Record excerpts:
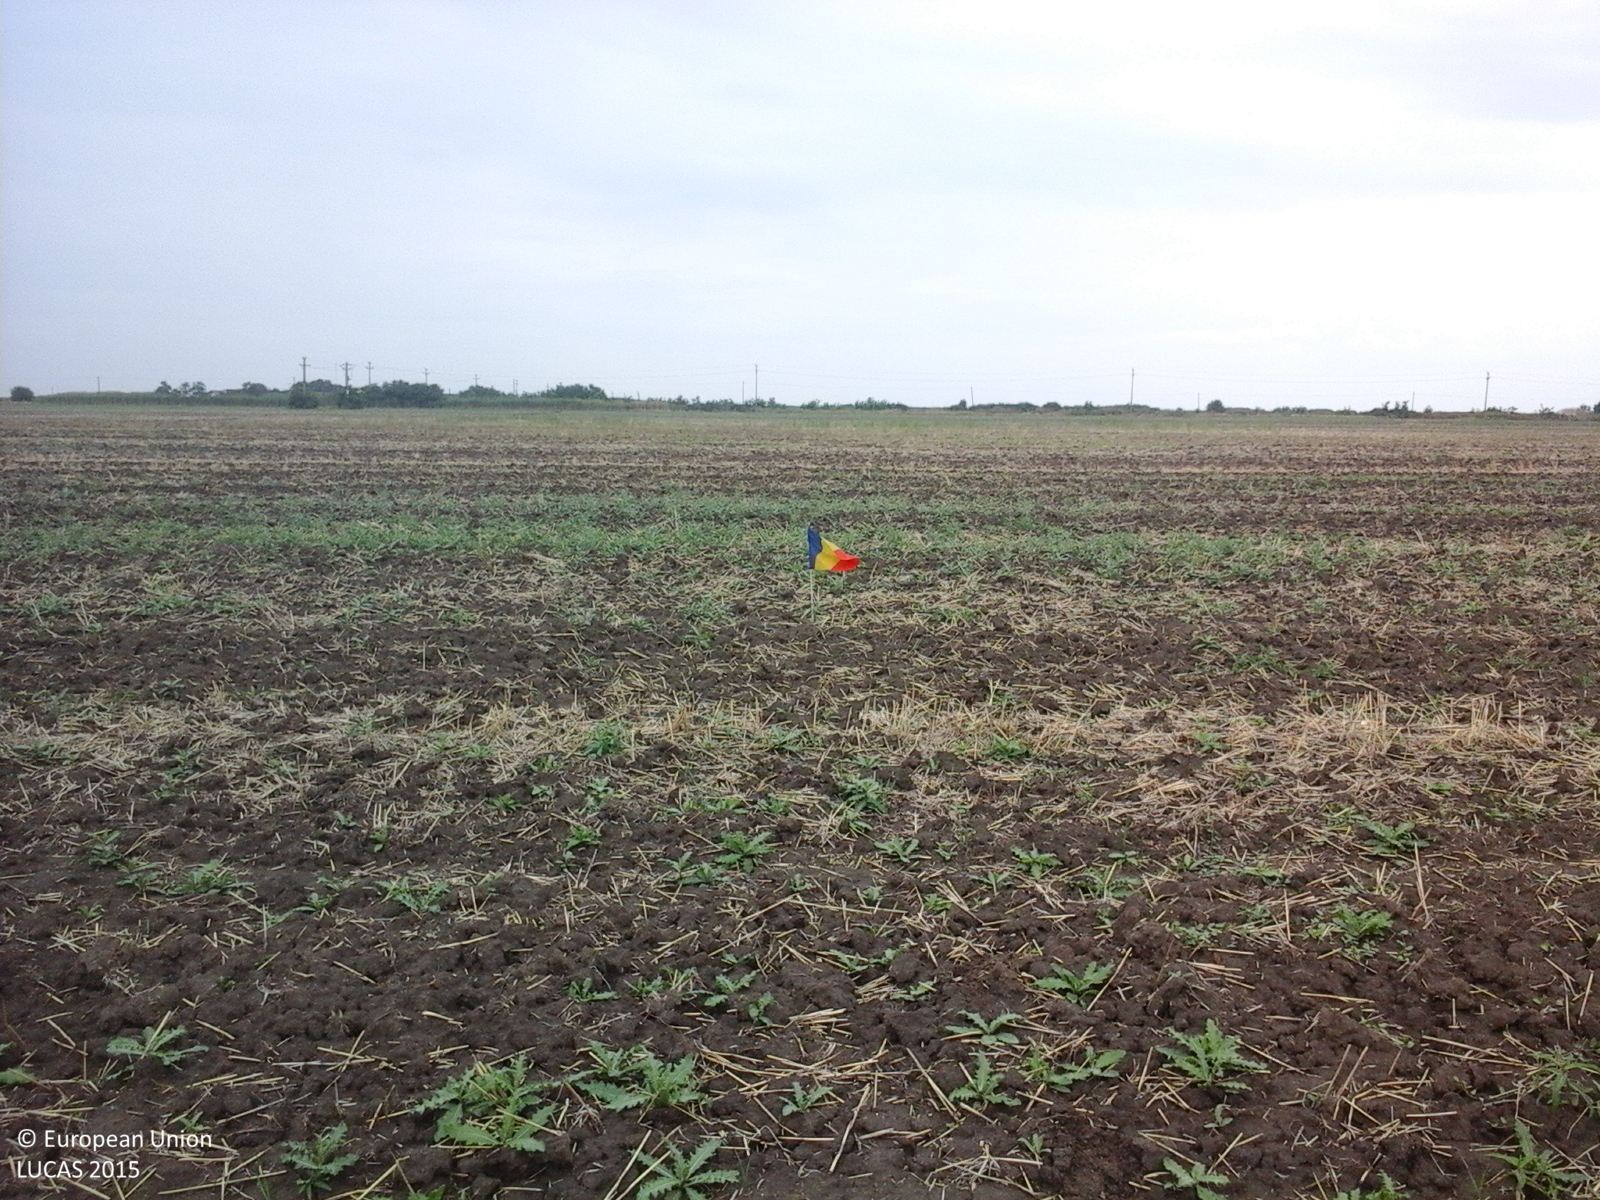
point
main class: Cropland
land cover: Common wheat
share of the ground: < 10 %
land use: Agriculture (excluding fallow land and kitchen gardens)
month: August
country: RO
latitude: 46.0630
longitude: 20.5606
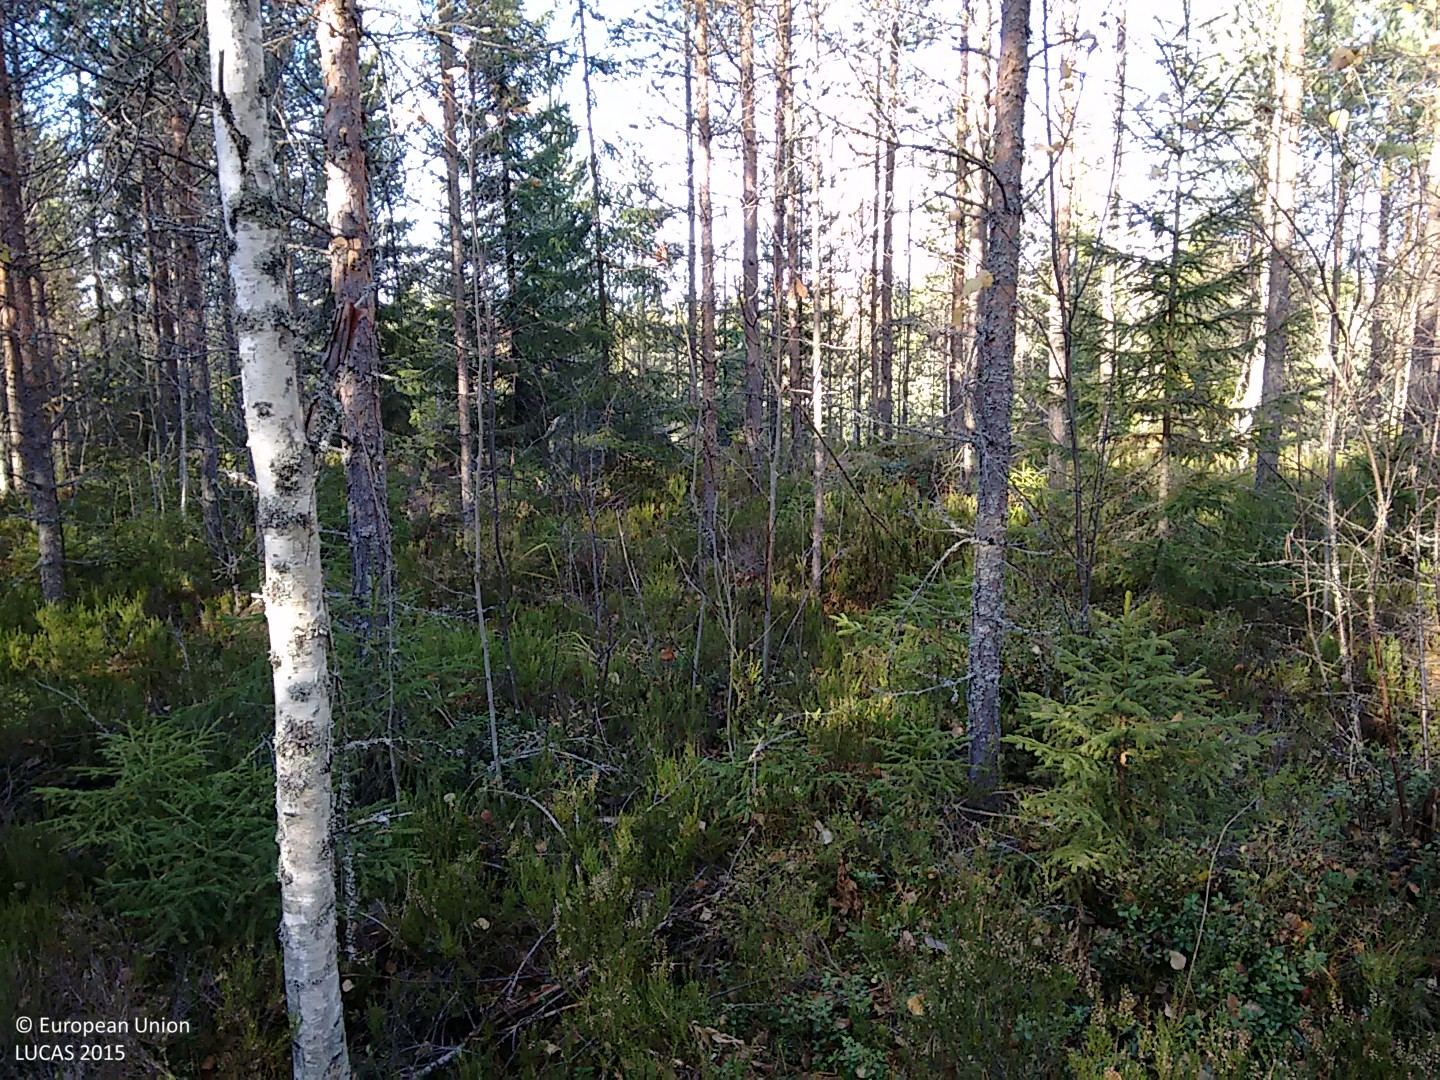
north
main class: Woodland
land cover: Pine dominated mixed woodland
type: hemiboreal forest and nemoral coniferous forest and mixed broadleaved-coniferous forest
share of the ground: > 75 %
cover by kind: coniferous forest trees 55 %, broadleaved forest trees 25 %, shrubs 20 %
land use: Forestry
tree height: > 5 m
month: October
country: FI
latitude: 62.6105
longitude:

Task prompt: Write out the lines of the material from the one containing "longitude: 20.5606" through the last, exactly and only those. Leave every picture out.

Exercise output:
longitude: 20.5606
north
main class: Woodland
land cover: Pine dominated mixed woodland
type: hemiboreal forest and nemoral coniferous forest and mixed broadleaved-coniferous forest
share of the ground: > 75 %
cover by kind: coniferous forest trees 55 %, broadleaved forest trees 25 %, shrubs 20 %
land use: Forestry
tree height: > 5 m
month: October
country: FI
latitude: 62.6105
longitude:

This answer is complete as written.